Nursing Implications

Monitor pain relief, respiratory and mental status, blood pressure, excessive sedation


Dosage Forms

Capsule, as hydrochloride: 65 mg

Tablet, as napsylate: 100 mg


References

"Drugs for Pain," Med Lett Drugs Ther, 1998, 40(1033):79-84.

Ferrell BA, "Pain Management in Elderly People," J Am Geriatr Soc, 1991, 39(1):64-73.

Finkle BS, "Self-Poisoning With Dextropropoxyphene and Dextropropoxyphene Compounds: The USA Experience," Hum Toxicol, 1984, 3(Suppl):115S-134S.

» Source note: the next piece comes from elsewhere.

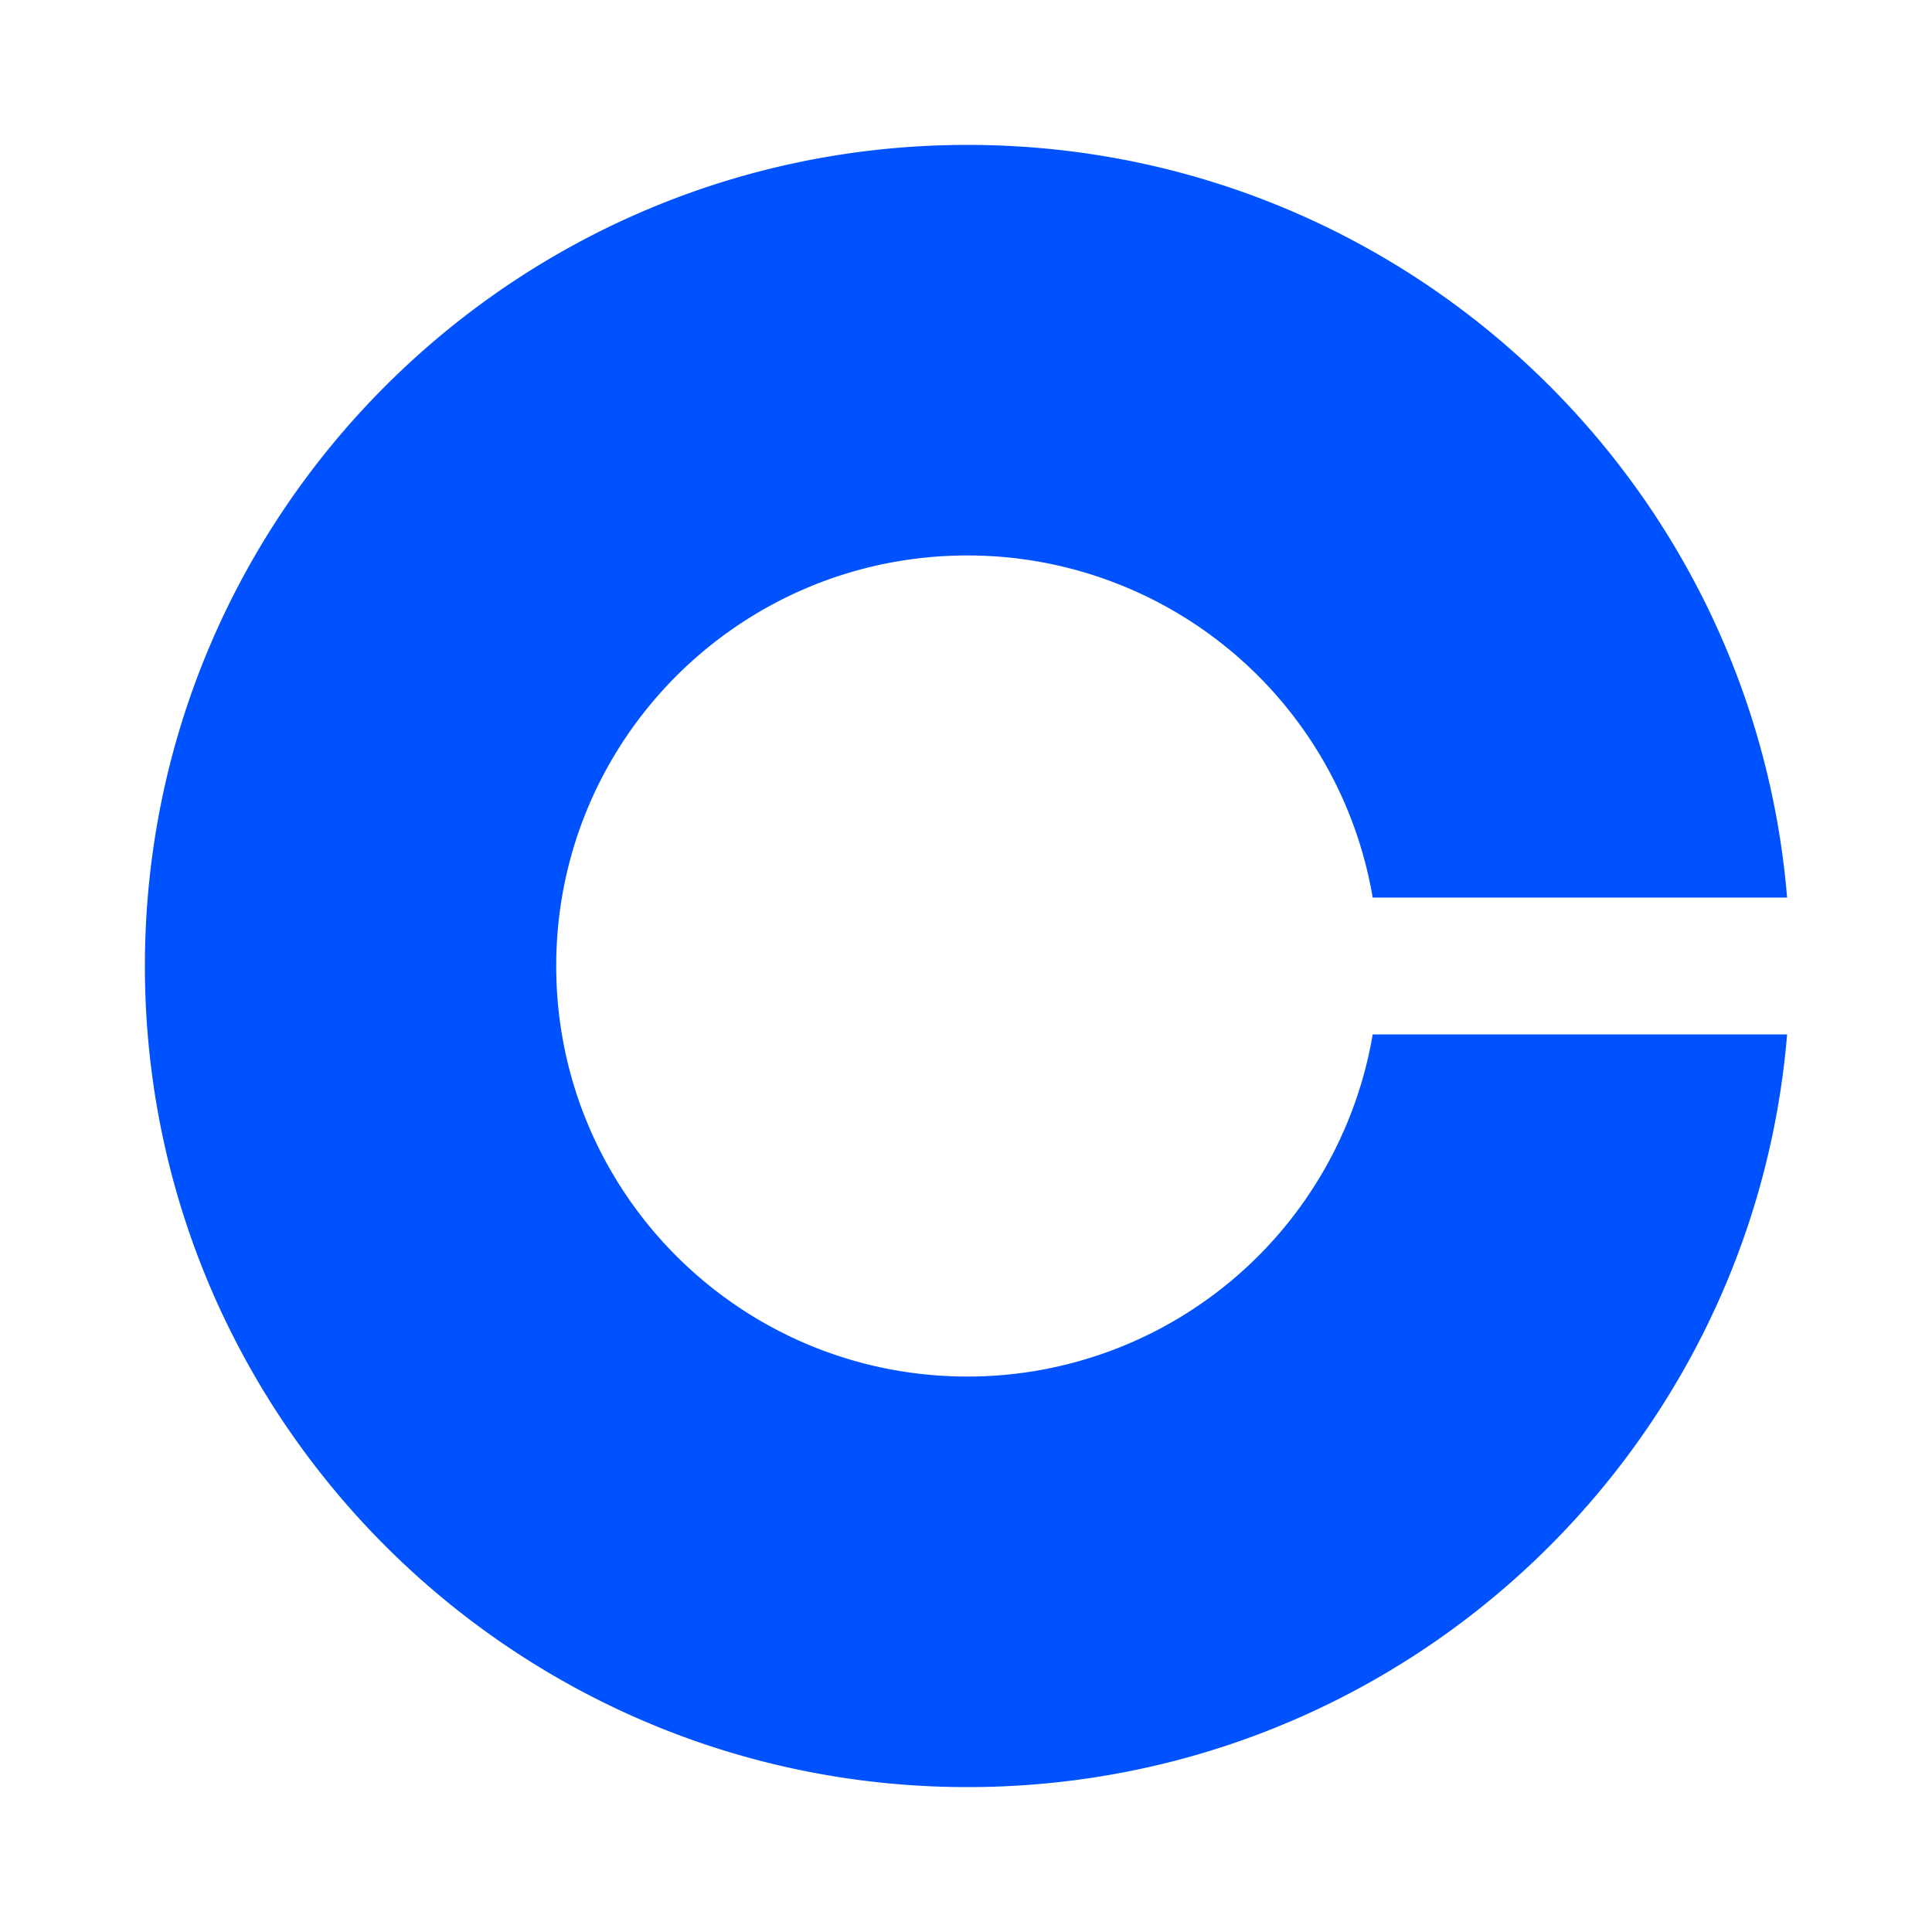 <svg xmlns="http://www.w3.org/2000/svg" fill="none" viewBox="0 0 40 40"><path fill="#0052FF" d="M20.032 28.5c-4.705 0-8.516-3.804-8.516-8.5s3.81-8.5 8.516-8.5a8.509 8.509 0 0 1 8.388 7.083H37C36.276 9.857 28.96 3 20.032 3 10.629 3 3 10.615 3 20s7.629 17 17.032 17C28.959 37 36.276 30.143 37 21.417h-8.58a8.509 8.509 0 0 1-8.388 7.083Z"/></svg>

Hasday JD and Weintraub M, "Propoxyphene in Children With Iatrogenic Morphine Dependence," Am J Dis Child, 1983, 137(8):745-8.

Lawson AA and Northridge DB, "Dextropropoxyphene Overdose. Epidemiology, Clinical Presentation, and Management," Med Toxicol Adverse Drug Exp, 1987, 2(6):430-44.

Proudfoot AT, "Clinical Features and Management of Distalgesic Overdose," Hum Toxicol, 1984, 3(Suppl):85S-94S.

Stork CM, Redd JT, Fine K, et al, "Propoxyphene-Induced Wide QRS Complex Dysrhythmia Responsive to Sodium Bicarbonate - A Case Report," J Toxicol Clin Toxicol, 1995, 33(2):179-83.

Tennant FS Jr, "Complications of Propoxyphene Abuse," Arch Intern Med, 1973, 132(2):191-4.

Wetli CV and Bednarczyk LR, "Deaths Related to Propoxyphene Overdose: A Ten Year Assessment," South Med J, 1980, 73(9):1205-9.